Naturally, you could decode the lines of the images non-sequentially (i.e. every second line, and then “fill-in the blanks”). However, this would be a poor graphics solution with image quality dramatically changing while the being viewed. A better solution is a progressive image building is the transfer of images with very high compression first, supplemented with better images on-the-fly.
In 2000, format called MJ2 (or MJP2) for streaming JPEGs were launched. This is a sequence of JPEG 2000 images that also provides audio. This allows MJ2 to encode each frame separately using JPEG 2000 and does not require inter-frame coding as with earlier standards. However, the standard requires substantial computing power to encode and decode images, but is great for rapid transfer over low-bandwidth networks such as the internet.
Encryption Algorithm
The core issue around a enryption algorithm is that is has to both efficient as well as secure. Since the JPEG images are subject to a 8 level process of compression when created, as well as an 8 level decompression processs when being viewed, the computing power needed for the encryption has to be minimalized. This is perticularly true for straming images where high volumes is likely to occur.
(Illustration 2: The compression and encryption process)
The solution proposed consists of a simple executionable file generated by C++ coding that takes the compressed JPEG image, which is in binary form, and manipulates the binary file with a encryption key that creates an encrypted binary file that is protected from viewing by unauthorized people.
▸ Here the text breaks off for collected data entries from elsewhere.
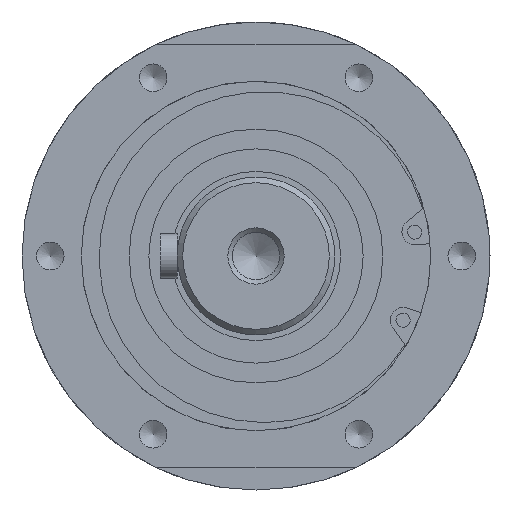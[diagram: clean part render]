
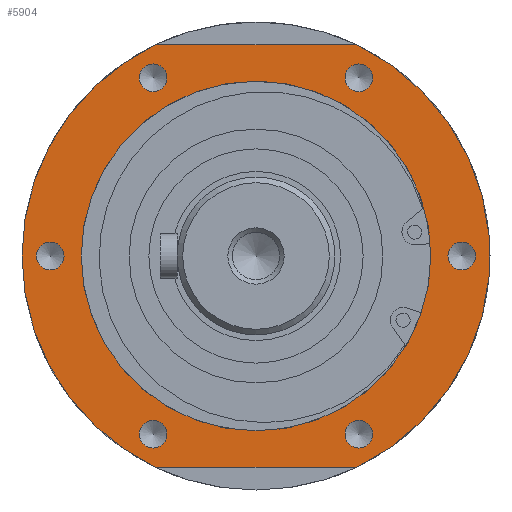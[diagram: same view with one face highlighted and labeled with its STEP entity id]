
A CAD part, left-side view. The second image highlights one B-rep face of the part: STEP entity #5904.
In plain terms, the highlighted planar face has unit normal (-1, 0, 0).
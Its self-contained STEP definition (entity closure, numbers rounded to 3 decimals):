
#3149=CARTESIAN_POINT('',(62.,17.776,37.5));
#3150=VERTEX_POINT('',#3149);
#3168=CARTESIAN_POINT('',(62.,-17.776,37.5));
#3169=VERTEX_POINT('',#3168);
#3176=CARTESIAN_POINT('',(62.,-17.776,-37.5));
#3177=VERTEX_POINT('',#3176);
#3178=CARTESIAN_POINT('',(62.,0.,0.0));
#3179=DIRECTION('',(1.0,0.0,0.0));
#3180=DIRECTION('',(0.0,1.0,0.0));
#3181=AXIS2_PLACEMENT_3D('',#3178,#3179,#3180);
#3182=CIRCLE('',#3181,41.5);
#3183=EDGE_CURVE('',#3169,#3177,#3182,.T.);
#3202=CARTESIAN_POINT('',(62.,17.776,-37.5));
#3203=VERTEX_POINT('',#3202);
#3210=CARTESIAN_POINT('',(62.,0.,0.0));
#3211=DIRECTION('',(1.0,0.0,0.0));
#3212=DIRECTION('',(0.0,1.0,0.0));
#3213=AXIS2_PLACEMENT_3D('',#3210,#3211,#3212);
#3214=CIRCLE('',#3213,41.5);
#3215=EDGE_CURVE('',#3203,#3150,#3214,.T.);
#3245=CARTESIAN_POINT('',(62.,20.379,-30.381));
#3246=VERTEX_POINT('',#3245);
#3247=CARTESIAN_POINT('',(62.,18.25,-31.61));
#3248=DIRECTION('',(1.0,0.,0.));
#3249=DIRECTION('',(0.,0.866,0.5));
#3250=AXIS2_PLACEMENT_3D('',#3247,#3248,#3249);
#3251=CIRCLE('',#3250,2.459);
#3252=EDGE_CURVE('',#3246,#3246,#3251,.T.);
#3282=CARTESIAN_POINT('',(62.,-16.121,-32.839));
#3283=VERTEX_POINT('',#3282);
#3284=CARTESIAN_POINT('',(62.,-18.25,-31.61));
#3285=DIRECTION('',(1.0,0.,0.));
#3286=DIRECTION('',(0.,0.866,-0.5));
#3287=AXIS2_PLACEMENT_3D('',#3284,#3285,#3286);
#3288=CIRCLE('',#3287,2.459);
#3289=EDGE_CURVE('',#3283,#3283,#3288,.T.);
#3319=CARTESIAN_POINT('',(62.,-36.5,-2.458));
#3320=VERTEX_POINT('',#3319);
#3321=CARTESIAN_POINT('',(62.,-36.5,0.));
#3322=DIRECTION('',(1.0,0.0,0.0));
#3323=DIRECTION('',(0.0,0.0,-1.0));
#3324=AXIS2_PLACEMENT_3D('',#3321,#3322,#3323);
#3325=CIRCLE('',#3324,2.459);
#3326=EDGE_CURVE('',#3320,#3320,#3325,.T.);
#3356=CARTESIAN_POINT('',(62.,-20.379,30.381));
#3357=VERTEX_POINT('',#3356);
#3358=CARTESIAN_POINT('',(62.,-18.25,31.61));
#3359=DIRECTION('',(1.0,0.,0.));
#3360=DIRECTION('',(0.,-0.866,-0.5));
#3361=AXIS2_PLACEMENT_3D('',#3358,#3359,#3360);
#3362=CIRCLE('',#3361,2.459);
#3363=EDGE_CURVE('',#3357,#3357,#3362,.T.);
#3393=CARTESIAN_POINT('',(62.,16.121,32.839));
#3394=VERTEX_POINT('',#3393);
#3395=CARTESIAN_POINT('',(62.,18.25,31.61));
#3396=DIRECTION('',(1.0,0.,0.));
#3397=DIRECTION('',(0.,-0.866,0.5));
#3398=AXIS2_PLACEMENT_3D('',#3395,#3396,#3397);
#3399=CIRCLE('',#3398,2.459);
#3400=EDGE_CURVE('',#3394,#3394,#3399,.T.);
#3430=CARTESIAN_POINT('',(62.,36.5,2.459));
#3431=VERTEX_POINT('',#3430);
#3432=CARTESIAN_POINT('',(62.,36.5,0.));
#3433=DIRECTION('',(1.0,0.0,0.0));
#3434=DIRECTION('',(0.0,0.0,1.0));
#3435=AXIS2_PLACEMENT_3D('',#3432,#3433,#3434);
#3436=CIRCLE('',#3435,2.459);
#3437=EDGE_CURVE('',#3431,#3431,#3436,.T.);
#3466=CARTESIAN_POINT('',(62.,-17.776,37.5));
#3467=DIRECTION('',(0.0,1.0,0.0));
#3468=VECTOR('',#3467,35.553);
#3469=LINE('',#3466,#3468);
#3470=EDGE_CURVE('',#3169,#3150,#3469,.T.);
#3498=CARTESIAN_POINT('',(62.,17.776,-37.5));
#3499=DIRECTION('',(0.0,-1.0,0.0));
#3500=VECTOR('',#3499,35.553);
#3501=LINE('',#3498,#3500);
#3502=EDGE_CURVE('',#3203,#3177,#3501,.T.);
#5856=CARTESIAN_POINT('',(62.,31.,0.0));
#5857=VERTEX_POINT('',#5856);
#5858=CARTESIAN_POINT('',(62.,0.,0.0));
#5859=DIRECTION('',(1.0,0.0,0.0));
#5860=DIRECTION('',(0.0,1.0,0.0));
#5861=AXIS2_PLACEMENT_3D('',#5858,#5859,#5860);
#5862=CIRCLE('',#5861,31.0);
#5863=EDGE_CURVE('',#5857,#5857,#5862,.T.);
#5872=CARTESIAN_POINT('',(62.,36.25,0.0));
#5873=DIRECTION('',(-1.0,0.0,0.0));
#5874=DIRECTION('',(0.0,0.0,1.0));
#5875=AXIS2_PLACEMENT_3D('',#5872,#5873,#5874);
#5876=PLANE('',#5875);
#5877=ORIENTED_EDGE('',*,*,#3470,.T.);
#5878=ORIENTED_EDGE('',*,*,#3215,.F.);
#5879=ORIENTED_EDGE('',*,*,#3502,.T.);
#5880=ORIENTED_EDGE('',*,*,#3183,.F.);
#5881=EDGE_LOOP('',(#5877,#5878,#5879,#5880));
#5882=FACE_OUTER_BOUND('',#5881,.T.);
#5883=ORIENTED_EDGE('',*,*,#3252,.T.);
#5884=EDGE_LOOP('',(#5883));
#5885=FACE_BOUND('',#5884,.T.);
#5886=ORIENTED_EDGE('',*,*,#3289,.T.);
#5887=EDGE_LOOP('',(#5886));
#5888=FACE_BOUND('',#5887,.T.);
#5889=ORIENTED_EDGE('',*,*,#3326,.T.);
#5890=EDGE_LOOP('',(#5889));
#5891=FACE_BOUND('',#5890,.T.);
#5892=ORIENTED_EDGE('',*,*,#3363,.T.);
#5893=EDGE_LOOP('',(#5892));
#5894=FACE_BOUND('',#5893,.T.);
#5895=ORIENTED_EDGE('',*,*,#3400,.T.);
#5896=EDGE_LOOP('',(#5895));
#5897=FACE_BOUND('',#5896,.T.);
#5898=ORIENTED_EDGE('',*,*,#3437,.T.);
#5899=EDGE_LOOP('',(#5898));
#5900=FACE_BOUND('',#5899,.T.);
#5901=ORIENTED_EDGE('',*,*,#5863,.T.);
#5902=EDGE_LOOP('',(#5901));
#5903=FACE_BOUND('',#5902,.T.);
#5904=ADVANCED_FACE('',(#5882,#5885,#5888,#5891,#5894,#5897,#5900,#5903),#5876,.T.);

Since file management is hard when reading blocks of code back and forth from a binary file, it is more effircient to read the binary file into memory and address it as an object with an associated pointer.
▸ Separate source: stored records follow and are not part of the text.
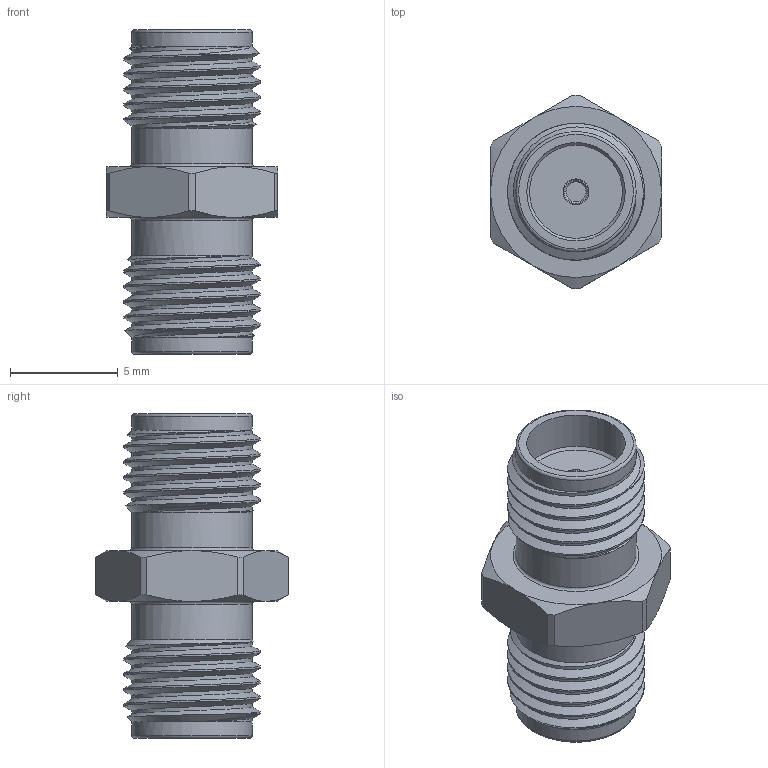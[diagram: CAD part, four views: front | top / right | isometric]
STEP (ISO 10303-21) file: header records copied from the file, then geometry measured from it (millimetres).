
FILE_DESCRIPTION (( 'STEP AP203' ), '1' );
FILE_NAME ('SM4948_3D.step', '2021-04-12T15:23:13', ( '' ), ( '' ), 'SwSTEP 2.0', 'SolidWorks 2020', '' );
FILE_SCHEMA (( 'CONFIG_CONTROL_DESIGN' ));
Length unit declared in the file: inch
Products named in the file (1): SM4948_3D
Bounding box: 7.94 x 9 x 15.06 mm (x, y, z)
Volume: 392.7 mm3; surface area: 556.3 mm2
Topology: 1 solids, 1 shells, 82 faces, 195 edges, 122 vertices
Faces by surface type: plane 31, cone 22, cylinder 19, bspline 6, torus 4
Full cylindrical faces by diameter (mm): 0.94 x2, 1.163 x1, 1.194 x2, 4.572 x2, 5.582 x4
Entity records: 4555 total; most frequent: CARTESIAN_POINT 2793, ORIENTED_EDGE 340, DIRECTION 334, EDGE_CURVE 170, AXIS2_PLACEMENT_3D 145, VERTEX_POINT 114, EDGE_LOOP 106, FACE_OUTER_BOUND 97

The solution consists of a secret key file that consists of 128 characters (bytes), when converted to binary systems, this key file consists of 1024 bits that is used for encryption. The creation of the secret key is not part of this program, but is can be created through a random generator, or a 3rd party and distributed through normal secure channels i.e. RSA, DES or SSL. The secret key is then stored on the sender and the receiver’s side and has to be protected from anauthorized access. If this key is accessed, the security of the encrypted images are compromised.
The soltion proposed, first reads the key file into an object based on an array with assoicated pointer. This object is called the “key”. It is stored in binary form and accessed as so in memory. Secondly, the program reads the binary JPEG file into an object that is defined as an array. For simplicity purposes this is referred to as the image buffer. A challenge is that while we know the fixed size of the key file (128), we do not know the size of the JPEG image. Therefore we have to test the file size by examining the beginning and the end and define the array dynamically based on the size of the file.
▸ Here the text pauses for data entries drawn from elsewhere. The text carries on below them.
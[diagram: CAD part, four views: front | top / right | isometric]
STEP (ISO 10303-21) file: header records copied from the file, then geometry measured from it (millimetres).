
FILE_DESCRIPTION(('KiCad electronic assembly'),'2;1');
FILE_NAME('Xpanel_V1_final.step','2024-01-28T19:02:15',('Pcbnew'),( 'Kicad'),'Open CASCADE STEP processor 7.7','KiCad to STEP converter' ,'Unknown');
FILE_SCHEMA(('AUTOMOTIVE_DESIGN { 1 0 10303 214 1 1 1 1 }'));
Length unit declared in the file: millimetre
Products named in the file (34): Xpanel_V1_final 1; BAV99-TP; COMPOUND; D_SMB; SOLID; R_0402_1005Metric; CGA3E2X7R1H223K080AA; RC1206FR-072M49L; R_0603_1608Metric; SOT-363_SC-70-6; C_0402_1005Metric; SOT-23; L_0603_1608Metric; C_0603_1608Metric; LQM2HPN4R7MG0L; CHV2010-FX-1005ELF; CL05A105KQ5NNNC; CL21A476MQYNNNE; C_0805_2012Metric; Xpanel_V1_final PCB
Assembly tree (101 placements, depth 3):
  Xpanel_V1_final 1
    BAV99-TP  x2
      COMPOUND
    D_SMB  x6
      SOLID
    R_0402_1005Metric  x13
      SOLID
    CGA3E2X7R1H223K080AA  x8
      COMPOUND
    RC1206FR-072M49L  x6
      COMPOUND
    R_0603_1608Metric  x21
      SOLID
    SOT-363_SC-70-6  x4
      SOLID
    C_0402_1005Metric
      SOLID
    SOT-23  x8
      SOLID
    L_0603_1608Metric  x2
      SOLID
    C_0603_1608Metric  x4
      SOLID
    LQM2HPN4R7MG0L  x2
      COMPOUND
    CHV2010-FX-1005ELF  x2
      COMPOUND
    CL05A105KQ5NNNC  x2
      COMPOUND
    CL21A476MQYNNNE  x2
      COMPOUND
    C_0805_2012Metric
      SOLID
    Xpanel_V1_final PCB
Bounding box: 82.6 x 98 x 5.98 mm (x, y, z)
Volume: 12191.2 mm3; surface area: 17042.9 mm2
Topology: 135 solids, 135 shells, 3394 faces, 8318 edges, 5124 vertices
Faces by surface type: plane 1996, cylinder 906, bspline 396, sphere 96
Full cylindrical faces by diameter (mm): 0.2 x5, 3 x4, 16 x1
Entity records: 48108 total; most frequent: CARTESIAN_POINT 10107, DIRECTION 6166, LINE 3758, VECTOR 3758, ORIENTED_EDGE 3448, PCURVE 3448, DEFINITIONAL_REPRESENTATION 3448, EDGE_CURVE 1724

Another challenge is the need for a simple processing of the encryption. For simplicity purposes, the solution loops through the buffer array and also sub-loops through the key array. For each 8-bit that is read, the buffer bits are flipped with the values in the current 8-bit block of key that is being processed. This creates a stream of bits that is processed sequentially and transposed based on the values of the key file. The result is that the buffer array now contains bits that are “flipped” so that is a key value is “1” for a given position, and the buffer value is ‘0” the value in the new buffer (encrypted) will become 1. This is known as a ‘not’ process. The overall rules of this process is that ‘0 and 0 becomes 0; 1 and 1 becomes 0; 1 and 0 becomes 1; 0 and 1 becomes 1’. The implication is that if a single bit is changed on the key file, the image can never be decrypted again. This is true since the position of the other bits will shift and the decrypted file will become meaningless.